Dataset records below:

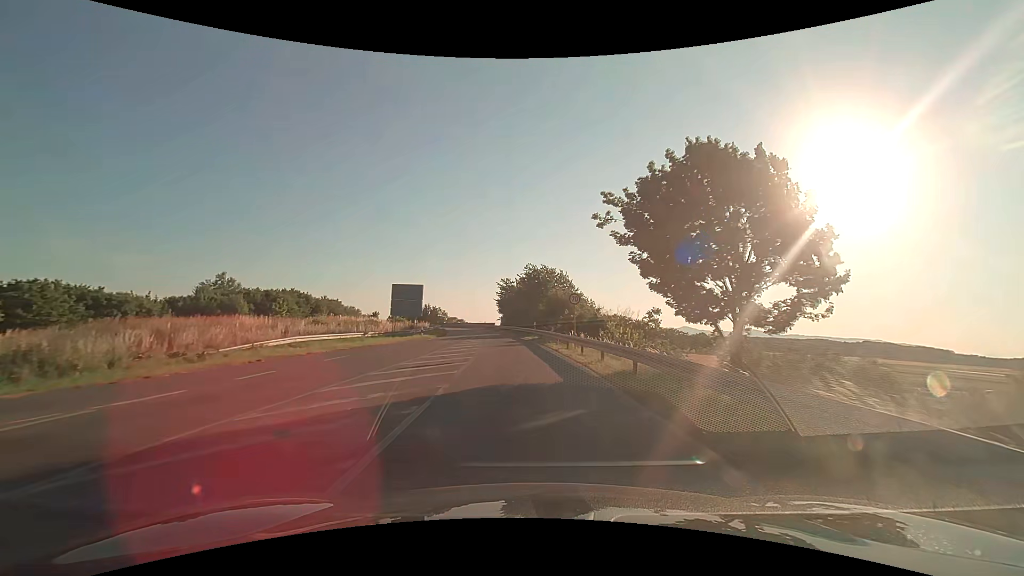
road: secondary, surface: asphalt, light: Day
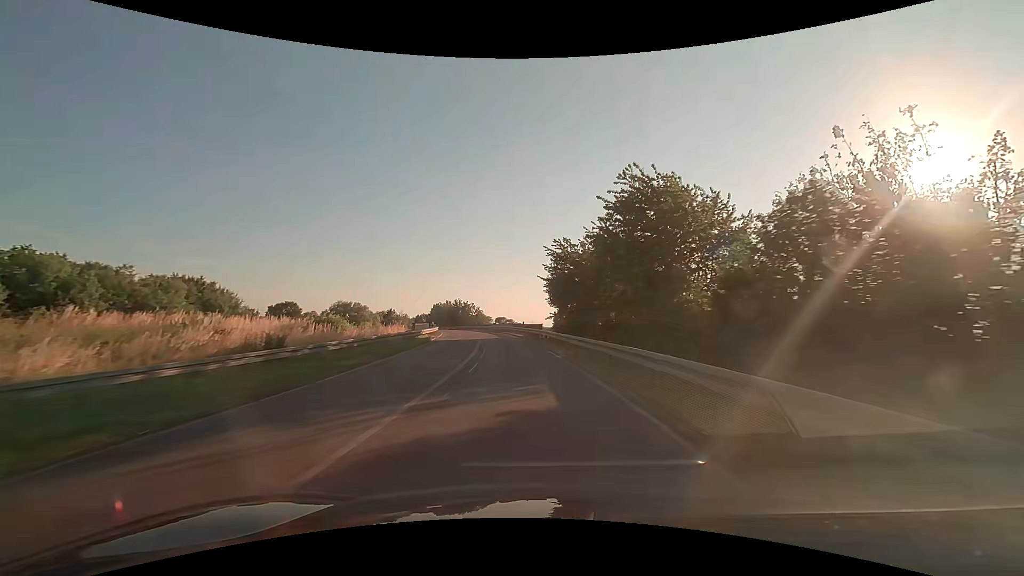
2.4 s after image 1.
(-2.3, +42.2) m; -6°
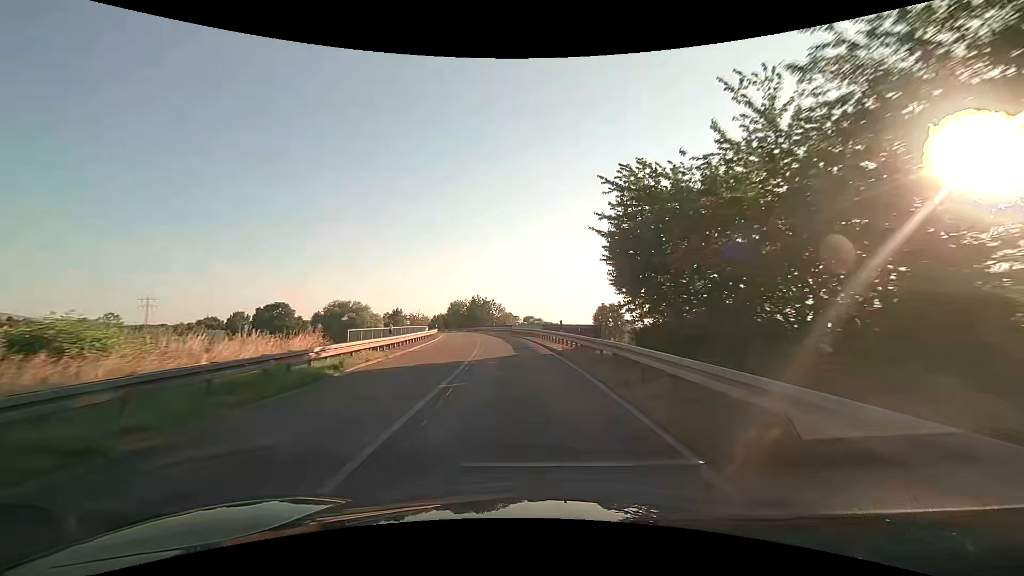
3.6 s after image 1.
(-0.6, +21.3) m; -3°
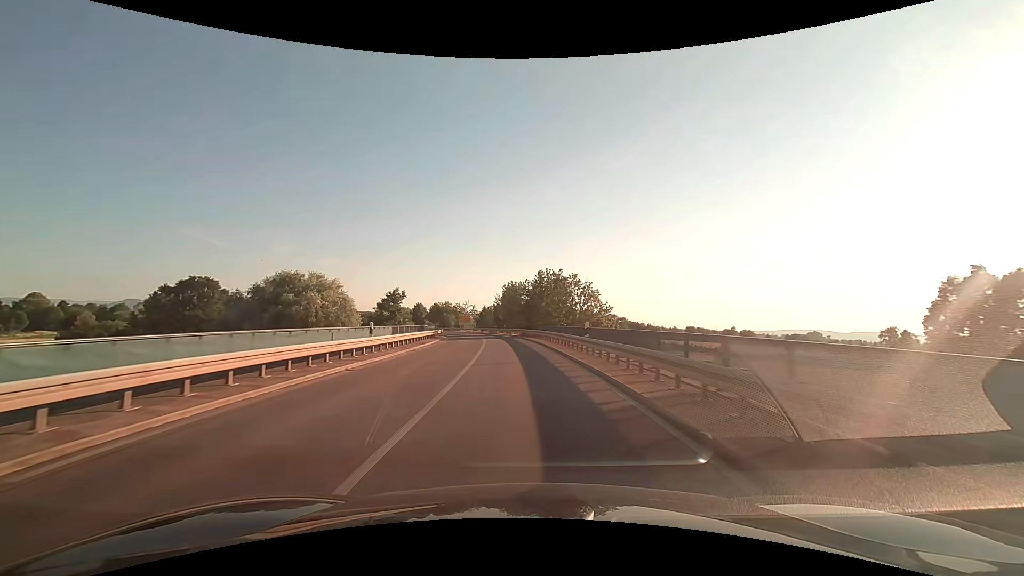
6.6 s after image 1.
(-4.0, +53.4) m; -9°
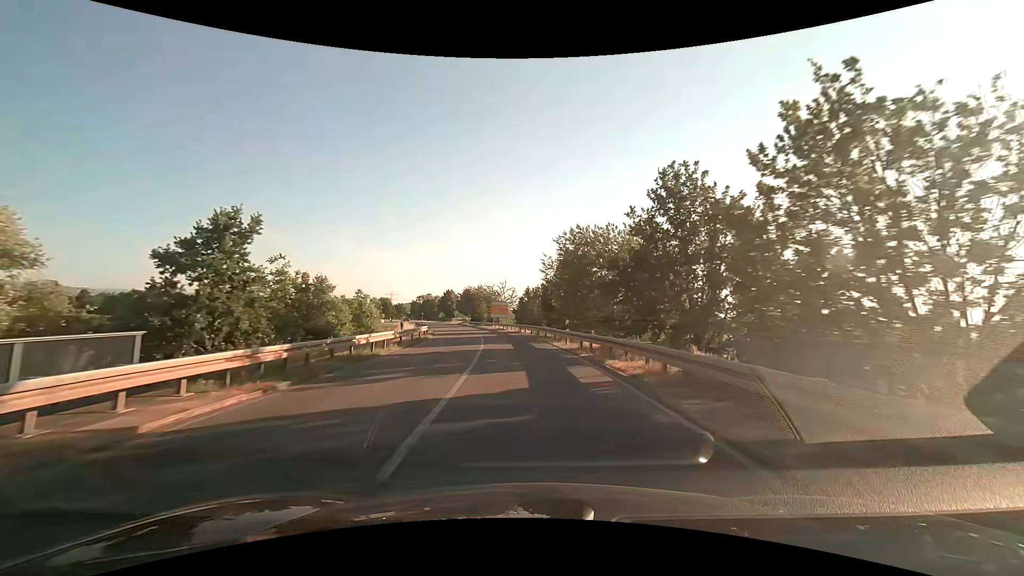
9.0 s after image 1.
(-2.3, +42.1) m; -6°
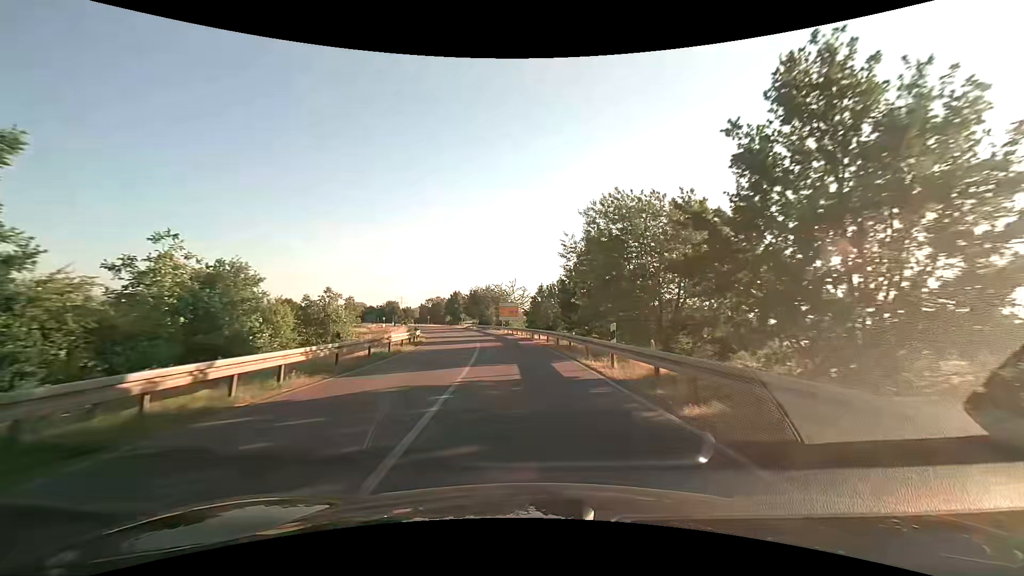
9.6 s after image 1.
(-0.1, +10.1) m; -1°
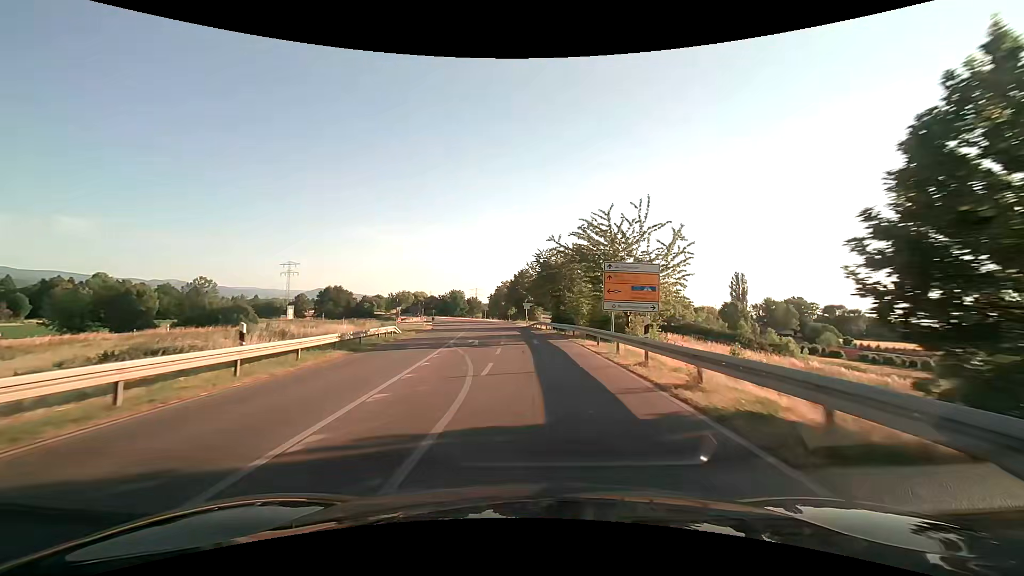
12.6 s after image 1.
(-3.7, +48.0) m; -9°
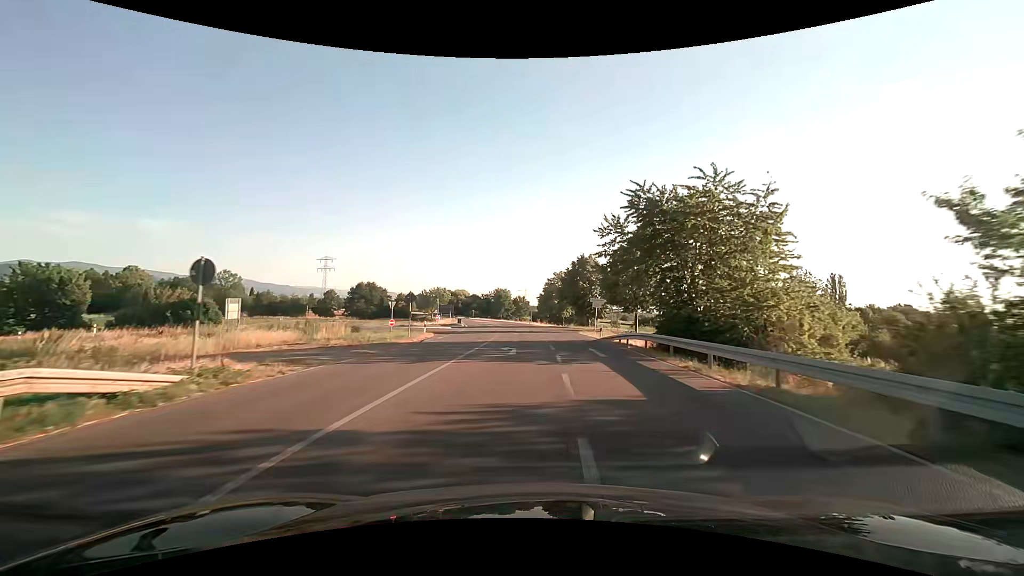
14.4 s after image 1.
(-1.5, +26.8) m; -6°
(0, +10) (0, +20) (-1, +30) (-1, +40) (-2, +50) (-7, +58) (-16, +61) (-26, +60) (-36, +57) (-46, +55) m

End of Dataset records.
Dataset records below:

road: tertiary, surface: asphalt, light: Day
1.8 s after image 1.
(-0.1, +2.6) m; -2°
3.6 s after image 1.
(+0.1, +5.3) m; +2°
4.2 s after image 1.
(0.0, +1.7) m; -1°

End of Dataset records.

→ **Your assignment**
The answer is a single number: how many lines in the data above hold the string "road".

→ **Answer for this exercise**
2